From field to forest, Mountain Distilling is making a different kind of gin, with foraged botanicals of pine needles, mountain pepperberry and lemon myrtle. Mountain has a whimsical approach to distilling, and if you get chatting to the bartenders you might learn about various tinctures and infusions they are whipping up and experimenting with. 

Mountain Distilling is co-located with Mount Towrong winery, which is nestled in the treetops and feels otherworldly in its calm. The range here is small but perfectly formed, with an emphasis on Italian varietals like fiano, vermentino and nebbiolo. Upstairs from the cellar door is a small restaurant, which offers gorgeous views over the trees and a carefully considered menu of meals and snacks, all made on the premises. 

Another family-owned winery in the area is Hanging Rock Winery, a considerably larger operation than Mount Towrong but with the same commitment to quality. Hanging Rock was founded in the 1970s by husband-and-wife team John Ellis and Ann Tyrell (yes, of those Tyrells). Sourcing the best fruit from the Macedon region and the Heathcote region, Hanging Rock Winery focuses on making wines that complement the area's topography and climate. The winery also mounts a yearly sculpture exhibition, which you can enjoy on a leisurely stroll through the vines, glass of wine in hand. 

Stay
Photograph: Leslie Haworth

Stay

If you're looking for complete peace and tranquillity, look for Fellcroft Farmstay. And keep looking, because it's a bit out of the way. But that is exactly the point. There are two private cottages on the Fellcroft property, Wren and Kingfisher. While Kingfisher is decorated in greys, greens and neutral tones, Wren is done up in soft blush and white.

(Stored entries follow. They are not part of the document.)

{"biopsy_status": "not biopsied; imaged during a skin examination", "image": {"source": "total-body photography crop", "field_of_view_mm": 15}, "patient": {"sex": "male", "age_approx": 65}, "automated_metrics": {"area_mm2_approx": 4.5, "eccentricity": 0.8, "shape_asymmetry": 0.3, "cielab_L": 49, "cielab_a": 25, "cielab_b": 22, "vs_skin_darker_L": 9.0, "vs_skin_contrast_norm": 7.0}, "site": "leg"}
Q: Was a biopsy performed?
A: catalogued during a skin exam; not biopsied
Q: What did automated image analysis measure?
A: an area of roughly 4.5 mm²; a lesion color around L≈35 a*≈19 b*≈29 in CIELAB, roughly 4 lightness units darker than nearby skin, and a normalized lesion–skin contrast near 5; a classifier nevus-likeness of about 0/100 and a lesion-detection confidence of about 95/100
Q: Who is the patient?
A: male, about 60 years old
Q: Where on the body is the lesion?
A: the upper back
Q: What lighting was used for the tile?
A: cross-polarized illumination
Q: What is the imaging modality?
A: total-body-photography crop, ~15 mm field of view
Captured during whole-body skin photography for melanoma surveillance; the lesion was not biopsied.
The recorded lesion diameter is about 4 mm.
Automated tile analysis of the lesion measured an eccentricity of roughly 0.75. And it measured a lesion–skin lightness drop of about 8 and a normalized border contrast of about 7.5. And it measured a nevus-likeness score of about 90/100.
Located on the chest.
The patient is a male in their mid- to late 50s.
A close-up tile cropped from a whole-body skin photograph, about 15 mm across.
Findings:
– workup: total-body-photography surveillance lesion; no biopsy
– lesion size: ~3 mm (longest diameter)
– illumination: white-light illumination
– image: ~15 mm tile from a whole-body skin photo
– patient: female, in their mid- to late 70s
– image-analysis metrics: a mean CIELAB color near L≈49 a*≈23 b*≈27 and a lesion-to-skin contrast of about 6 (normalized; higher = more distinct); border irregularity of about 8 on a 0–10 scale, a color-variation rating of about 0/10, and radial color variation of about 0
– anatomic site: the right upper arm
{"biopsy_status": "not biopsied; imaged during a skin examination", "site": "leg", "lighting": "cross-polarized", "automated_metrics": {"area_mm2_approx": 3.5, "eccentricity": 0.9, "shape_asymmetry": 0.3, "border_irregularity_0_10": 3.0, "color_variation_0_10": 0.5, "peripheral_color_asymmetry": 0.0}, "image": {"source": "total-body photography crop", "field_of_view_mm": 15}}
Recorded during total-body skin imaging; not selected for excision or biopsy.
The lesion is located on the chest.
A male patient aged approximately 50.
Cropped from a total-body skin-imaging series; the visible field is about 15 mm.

Fellcroft FarmstayPhotograph: Leslie Haworth

Both include antique furniture and quirky touches, and both have deep, inviting spa baths with views over nearby paddocks. Everything is of the highest quality, and host Veronica will make sure you want for absolutely nothing. Use Fellcroft as your base of operations to explore the area, or make it your own private retreat, with nothing on the itinerary but bubble baths and glasses of wine on the deck. 

Those who do not stay at the Empyre Hotel stand outside and take photos. The Empyre was built in the late 1800s and is an exemplar of gold-rush architecture with its lace balconies and stained-glass windows. This boutique hotel offers a full breakfast and has its own luxurious bar. There are its gardens to explore, but it’s also mere metres away from Castlemaine’s loveliest sights, such as the Theatre Royal of the same era. There’s off-street parking, too. It's luxe, but you have to treat yourself now and again, no?